Recorded data Start Marker

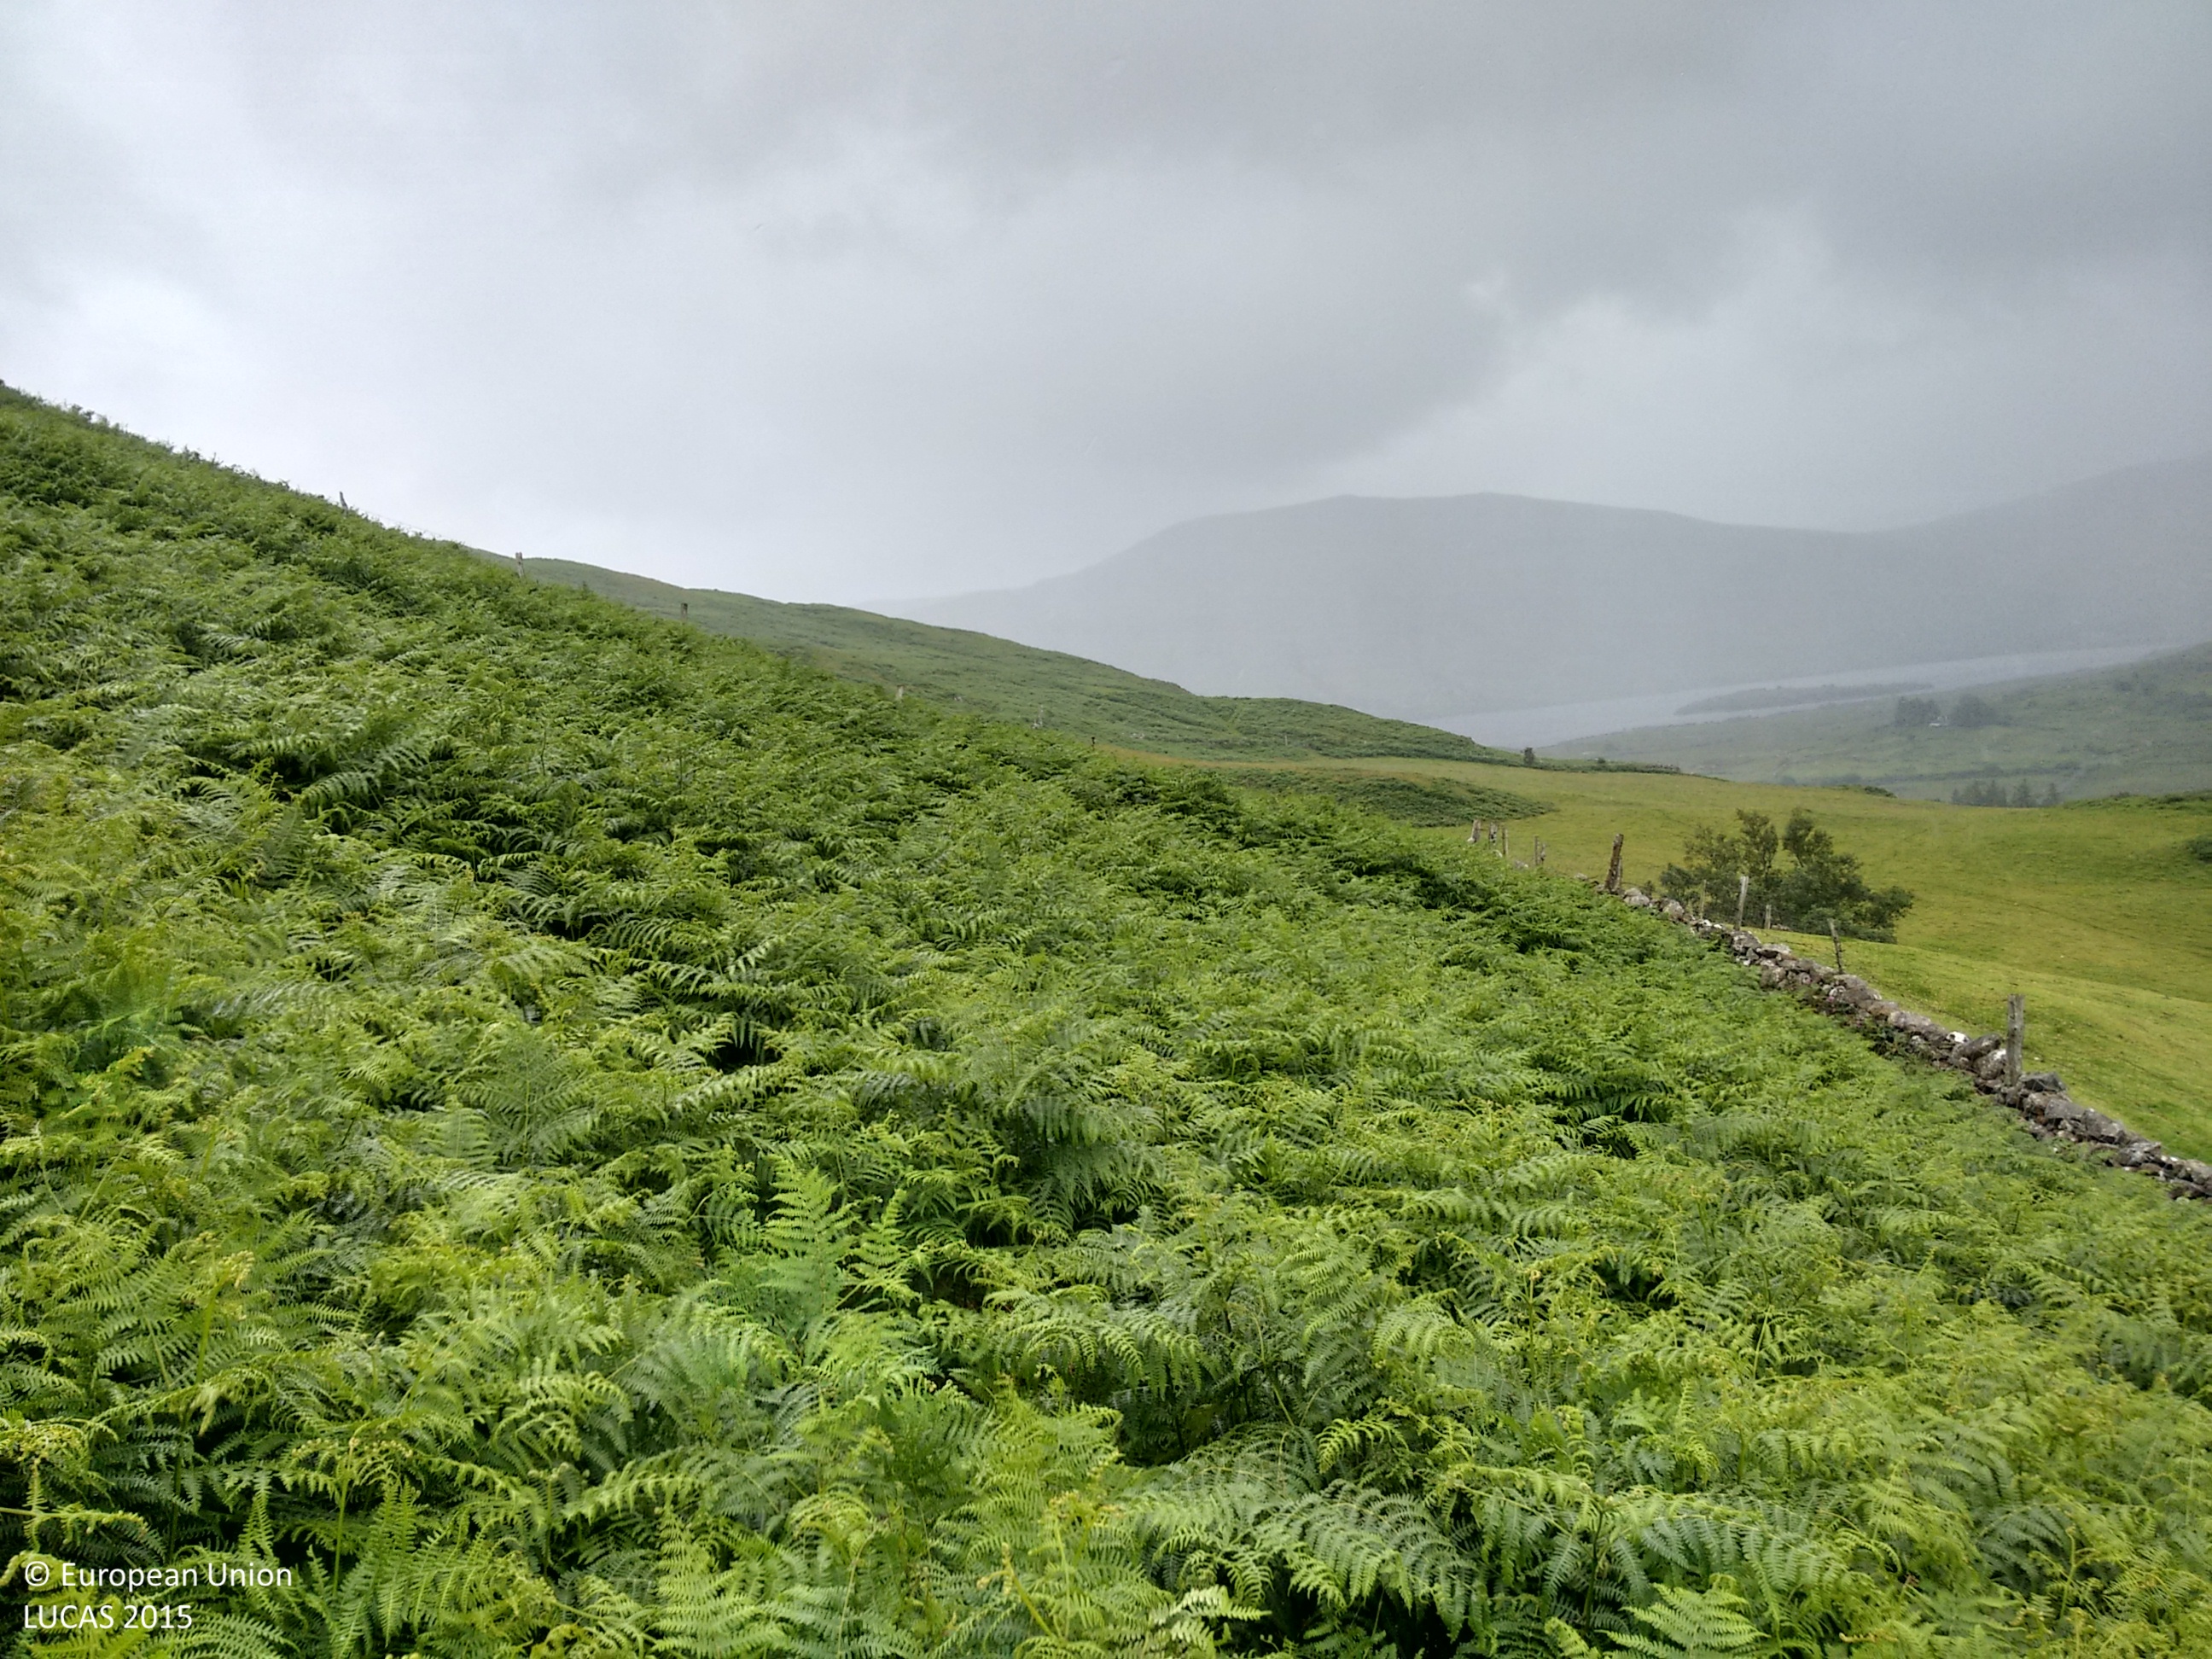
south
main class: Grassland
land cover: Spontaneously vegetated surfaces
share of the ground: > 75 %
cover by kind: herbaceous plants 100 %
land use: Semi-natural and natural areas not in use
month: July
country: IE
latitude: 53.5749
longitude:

Recorded data End Marker
Recorded data Start Marker

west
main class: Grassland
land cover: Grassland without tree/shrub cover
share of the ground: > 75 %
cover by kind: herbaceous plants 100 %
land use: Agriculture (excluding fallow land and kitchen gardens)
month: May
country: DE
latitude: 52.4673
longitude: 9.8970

Recorded data End Marker

== What to do ==
I'd like the lines above from the one with "land cover: Grassland" up to and including the one with "longitude: 9.8970" copied exactly, with no other lines.

== Exercise answer ==
land cover: Grassland without tree/shrub cover
share of the ground: > 75 %
cover by kind: herbaceous plants 100 %
land use: Agriculture (excluding fallow land and kitchen gardens)
month: May
country: DE
latitude: 52.4673
longitude: 9.8970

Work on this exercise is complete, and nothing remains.